The last step is to modify InternalReceiveAsync method so it skips UTF-8 validation for compressed messages and properly creates CompressionWebSocketReceiveResult.

private async Task<WebSocketReceiveResult> InternalReceiveAsync(ArraySegment<byte> payloadBuffer,
    CancellationToken cancellationToken)
{
    ...

    try
    {
        while (true)
        {
            ...

            if ((header.Opcode == WebSocketMessageOpcode.Text) && !header.Compressed
                && !TryValidateUtf8(
                    new ArraySegment<byte>(payloadBuffer.Array, payloadBuffer.Offset, bytesToCopy),
                    header.Fin, _utf8TextState))
            {
                await CloseWithReceiveErrorAndThrowAsync(WebSocketCloseStatus.InvalidPayloadData,
                    WebSocketError.Faulted, cancellationToken).ConfigureAwait(false);
            }

            _lastReceiveHeader = header;
            return new CompressionWebSocketReceiveResult(
                bytesToCopy,
                header.Opcode == WebSocketMessageOpcode.Text ?
                    WebSocketMessageType.Text : WebSocketMessageType.Binary,
                header.Compressed,
                bytesToCopy == 0 || (header.Fin && header.PayloadLength == 0));
        }
    }
    catch (Exception ex)
    {
        ...
    }
    finally
    {
        ...
    }
}

With those changes in place the WebSocket implementation has support for per-message compression framework.

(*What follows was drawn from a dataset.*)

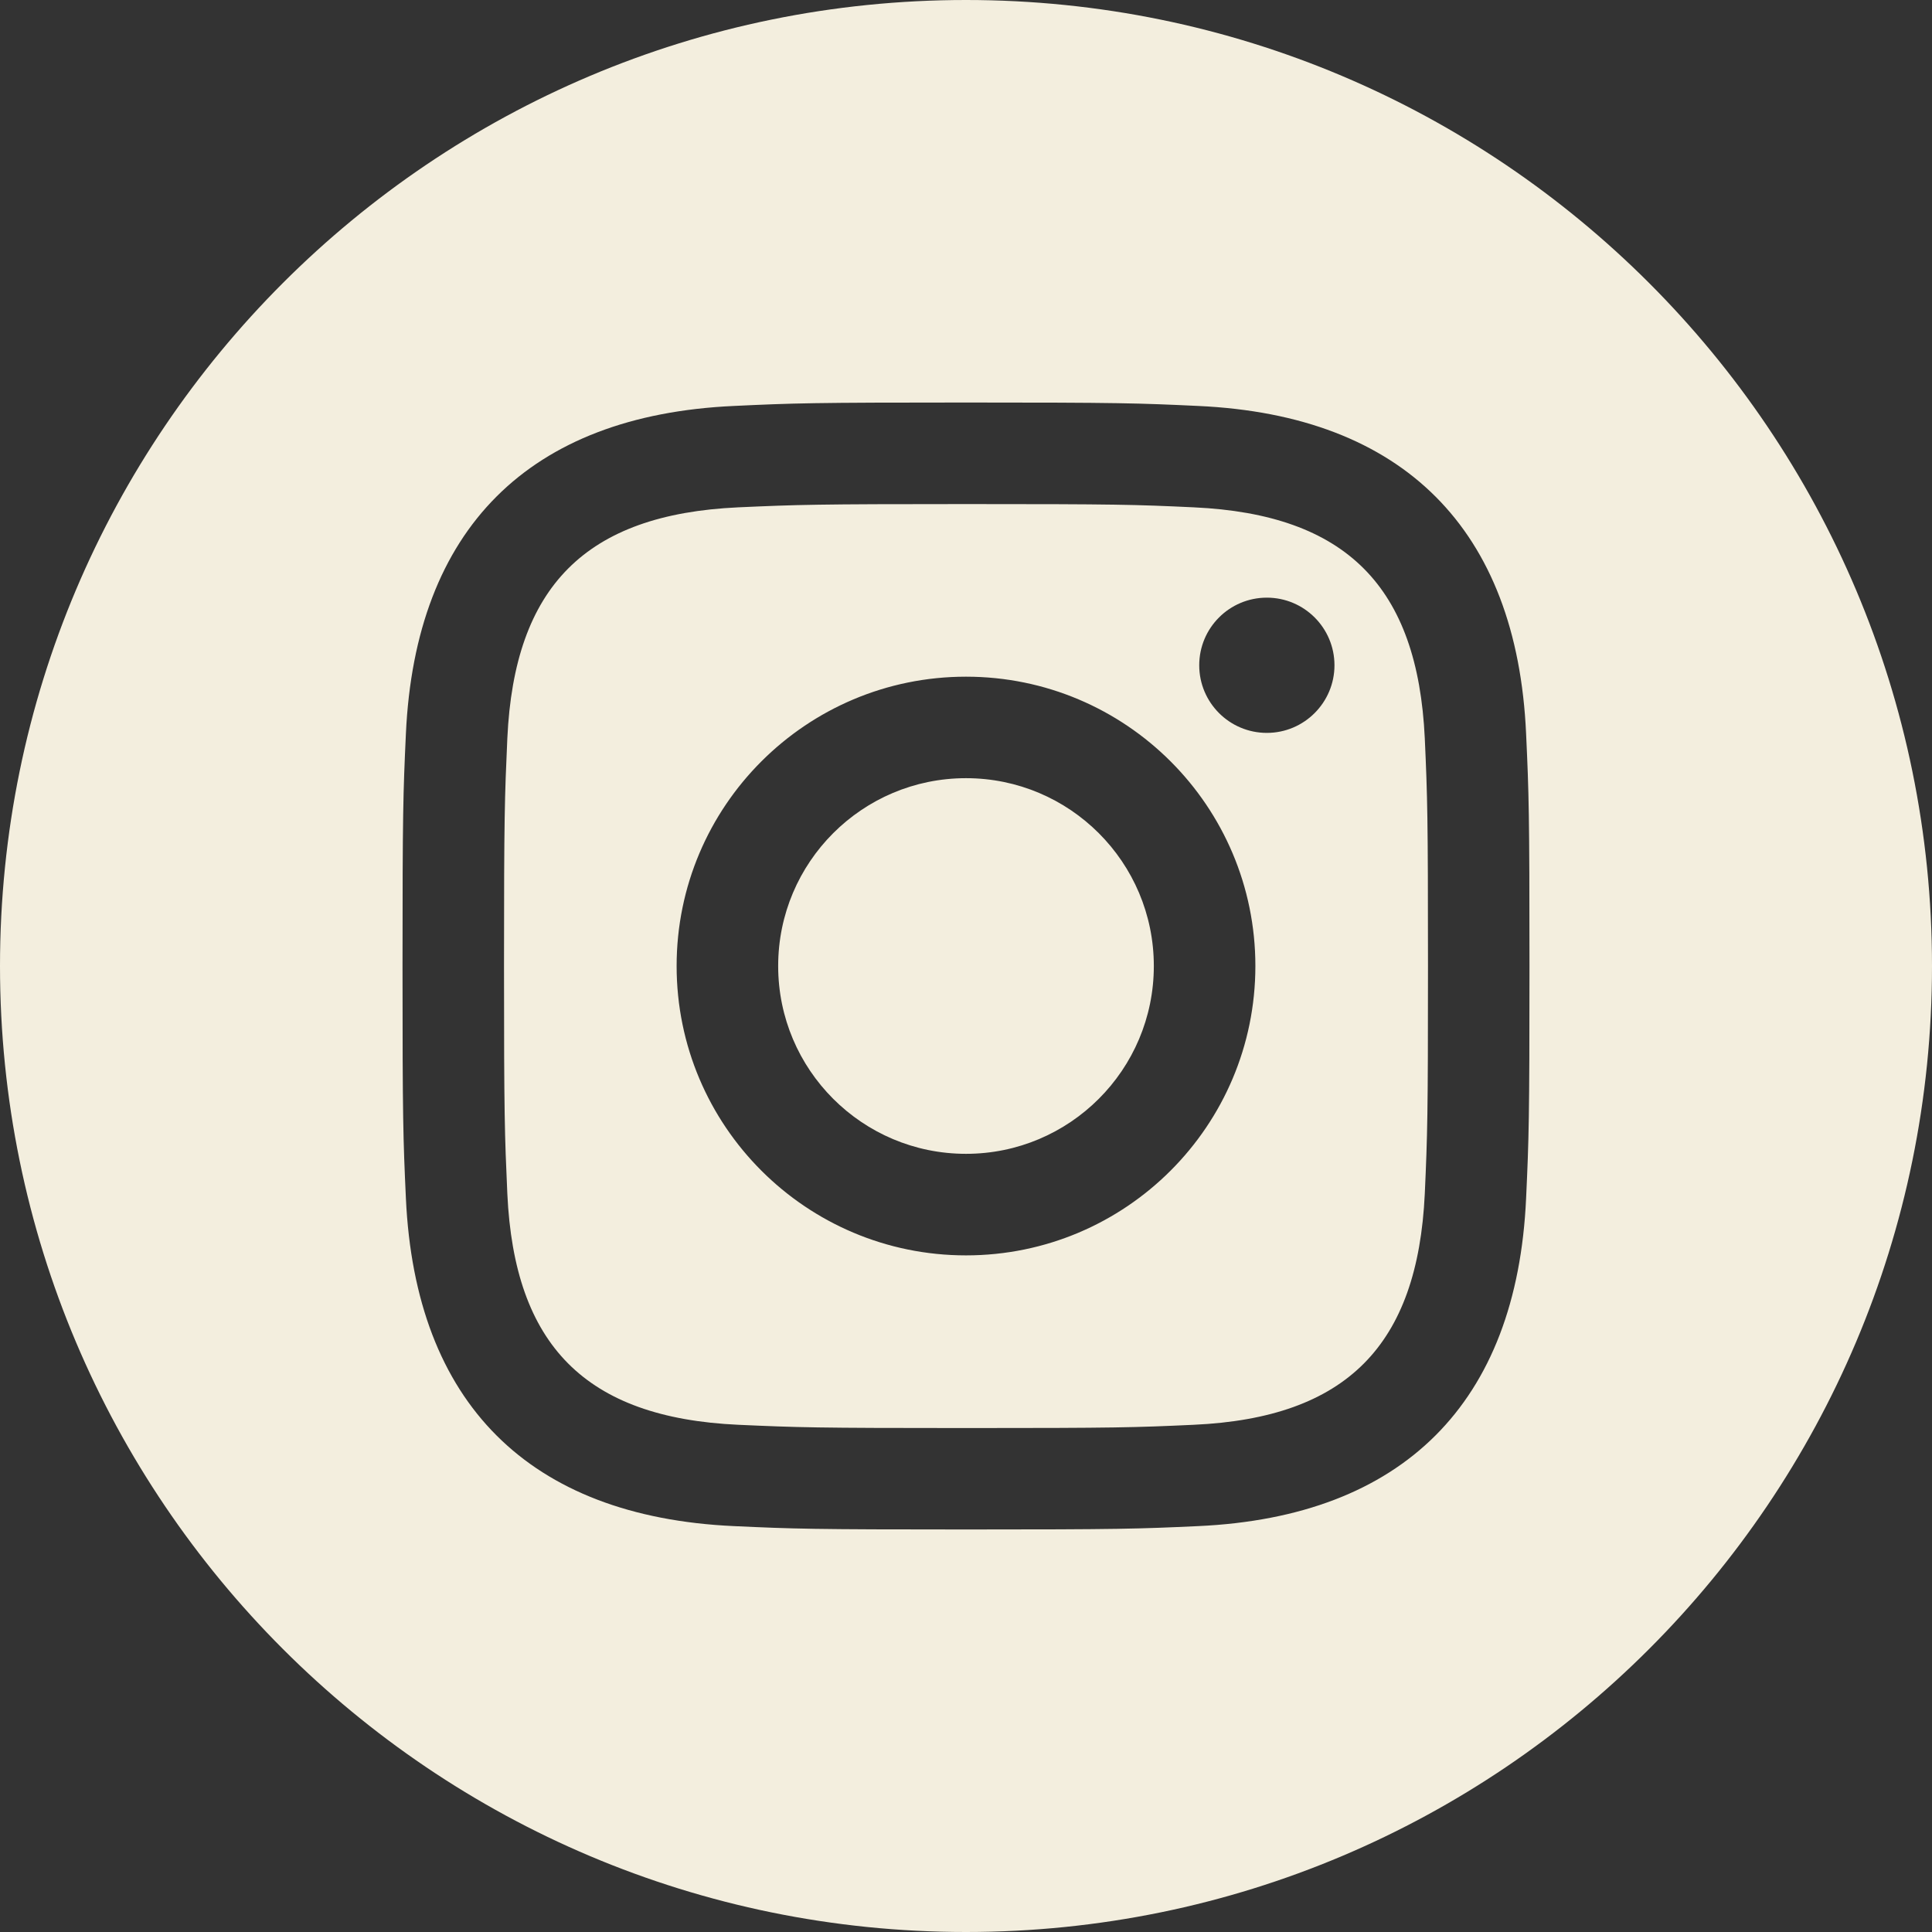 <?xml version="1.0" encoding="UTF-8"?> <svg xmlns="http://www.w3.org/2000/svg" width="32" height="32" viewBox="0 0 32 32" fill="none"><rect x="0" y="0" width="32" height="32" fill="#333333" stroke="none"/><path fill-rule="evenodd" clip-rule="evenodd" d="M16 0C7.164 0 0 7.164 0 16C0 24.836 7.164 32 16 32C24.836 32 32 24.836 32 16C32 7.164 24.836 0 16 0ZM16 8.349C18.492 8.349 18.788 8.357 19.772 8.403C22.301 8.519 23.481 9.719 23.599 12.229C23.643 13.213 23.652 13.508 23.652 16C23.652 18.492 23.643 18.788 23.599 19.772C23.481 22.281 22.304 23.484 19.772 23.599C18.788 23.644 18.493 23.653 16 23.653C13.508 23.653 13.212 23.643 12.229 23.599C9.692 23.483 8.519 22.277 8.403 19.772C8.359 18.787 8.348 18.492 8.348 16C8.348 13.508 8.359 13.213 8.403 12.229C8.519 9.717 9.697 8.519 12.229 8.403C13.213 8.359 13.508 8.349 16 8.349ZM11.207 16C11.207 18.648 13.353 20.793 16 20.793C18.647 20.793 20.793 18.647 20.793 16C20.793 13.353 18.647 11.208 16 11.208C13.353 11.208 11.207 13.353 11.207 16ZM20.983 12.139C20.364 12.139 19.863 11.637 19.863 11.019C19.863 10.4 20.364 9.899 20.983 9.899C21.601 9.899 22.103 10.4 22.103 11.019C22.103 11.636 21.601 12.139 20.983 12.139ZM16 19.111C17.717 19.111 19.111 17.719 19.111 16C19.111 14.281 17.717 12.889 16 12.889C14.283 12.889 12.889 14.281 12.889 16C12.889 17.719 14.283 19.111 16 19.111ZM19.849 25.277C23.235 25.121 25.124 23.241 25.277 19.848C25.323 18.853 25.333 18.535 25.333 16C25.333 13.465 25.323 13.148 25.277 12.152C25.125 8.767 23.243 6.88 19.849 6.724C18.853 6.677 18.535 6.667 16 6.667C13.465 6.667 13.148 6.677 12.152 6.724C8.761 6.879 6.879 8.76 6.723 12.152C6.677 13.148 6.667 13.465 6.667 16C6.667 18.535 6.677 18.853 6.723 19.848C6.879 23.239 8.76 25.121 12.152 25.277C13.148 25.323 13.465 25.333 16 25.333C18.535 25.333 18.853 25.323 19.849 25.277Z" fill="#F3EEDE"></path></svg>

A support for specific compression extension can be implemented on top of that.

Deflate based PMCE

The second thing which Compression Extensions for WebSocket standard defines is permessage-deflate compression extension. This extension specifies a way of compressesing message payload using the DEFLATE algorithm with help of the byte boundary alignment method. But first it is worth to implement concepts which are shared by all potential compression extensions - receiving and sending the message payload. Methods responsible for handling those operations should be able to properly concatenate or split the message into frames.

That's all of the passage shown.